• _Stored entries_
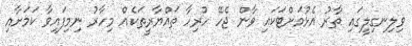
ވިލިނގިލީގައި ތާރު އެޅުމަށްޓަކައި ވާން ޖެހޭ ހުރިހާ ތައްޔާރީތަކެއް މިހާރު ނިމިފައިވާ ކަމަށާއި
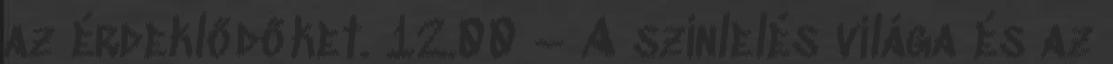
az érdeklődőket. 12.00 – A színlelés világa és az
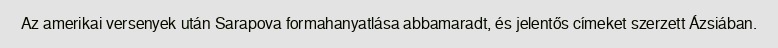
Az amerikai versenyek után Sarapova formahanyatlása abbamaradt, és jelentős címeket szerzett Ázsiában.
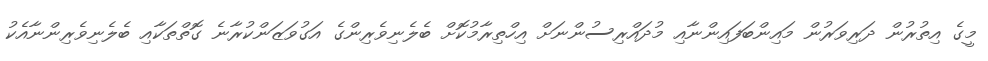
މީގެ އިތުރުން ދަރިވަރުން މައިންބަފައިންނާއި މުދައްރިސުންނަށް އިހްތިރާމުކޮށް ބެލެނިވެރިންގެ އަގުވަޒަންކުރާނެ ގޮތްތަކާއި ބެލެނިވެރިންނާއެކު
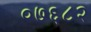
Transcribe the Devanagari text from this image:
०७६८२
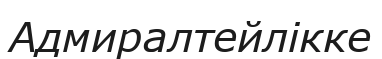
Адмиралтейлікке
---
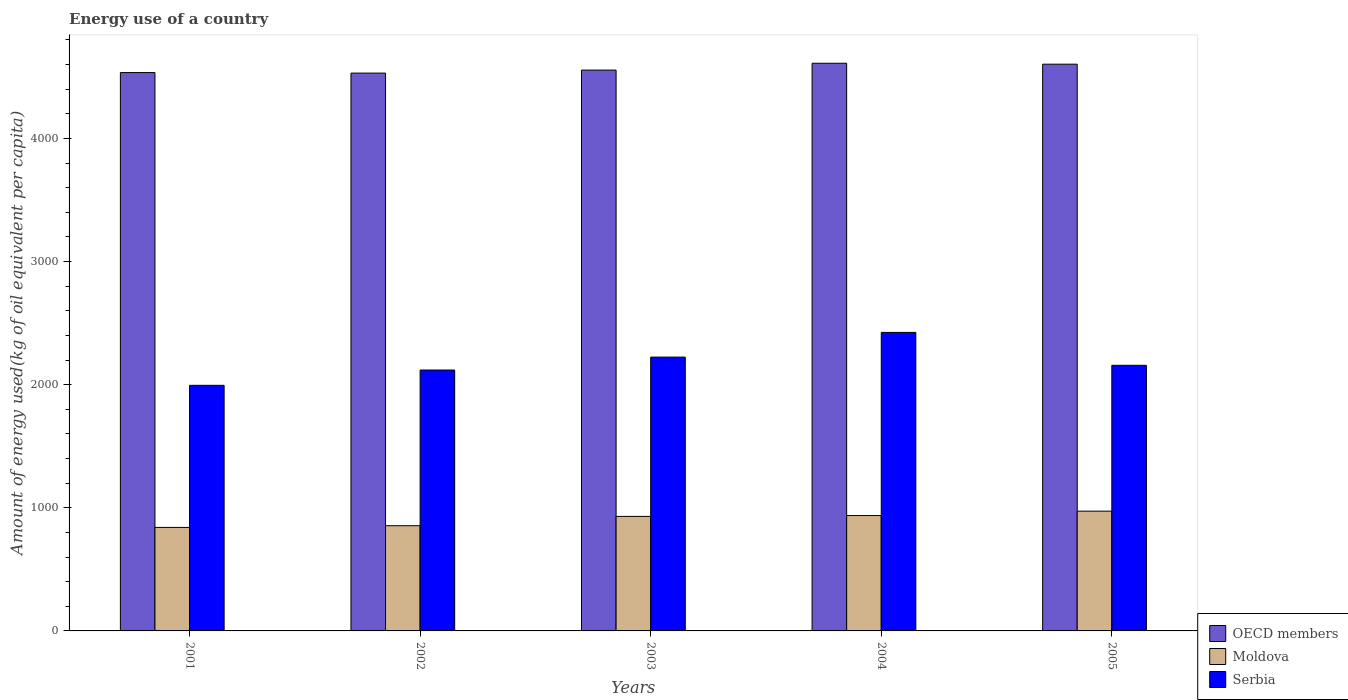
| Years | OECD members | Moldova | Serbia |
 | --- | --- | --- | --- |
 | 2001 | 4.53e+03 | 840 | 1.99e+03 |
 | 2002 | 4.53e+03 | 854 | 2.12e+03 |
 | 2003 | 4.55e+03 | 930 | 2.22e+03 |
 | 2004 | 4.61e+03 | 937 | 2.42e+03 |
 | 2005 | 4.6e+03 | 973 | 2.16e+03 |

• _What you should do_
Please, from the entries above, set down exactly the lines from the one containing "840 | 1.99e+03 |" through the one containing "973 | 2.16e+03 |", and only those.

• _Task output_
 | 2001 | 4.53e+03 | 840 | 1.99e+03 |
 | 2002 | 4.53e+03 | 854 | 2.12e+03 |
 | 2003 | 4.55e+03 | 930 | 2.22e+03 |
 | 2004 | 4.61e+03 | 937 | 2.42e+03 |
 | 2005 | 4.6e+03 | 973 | 2.16e+03 |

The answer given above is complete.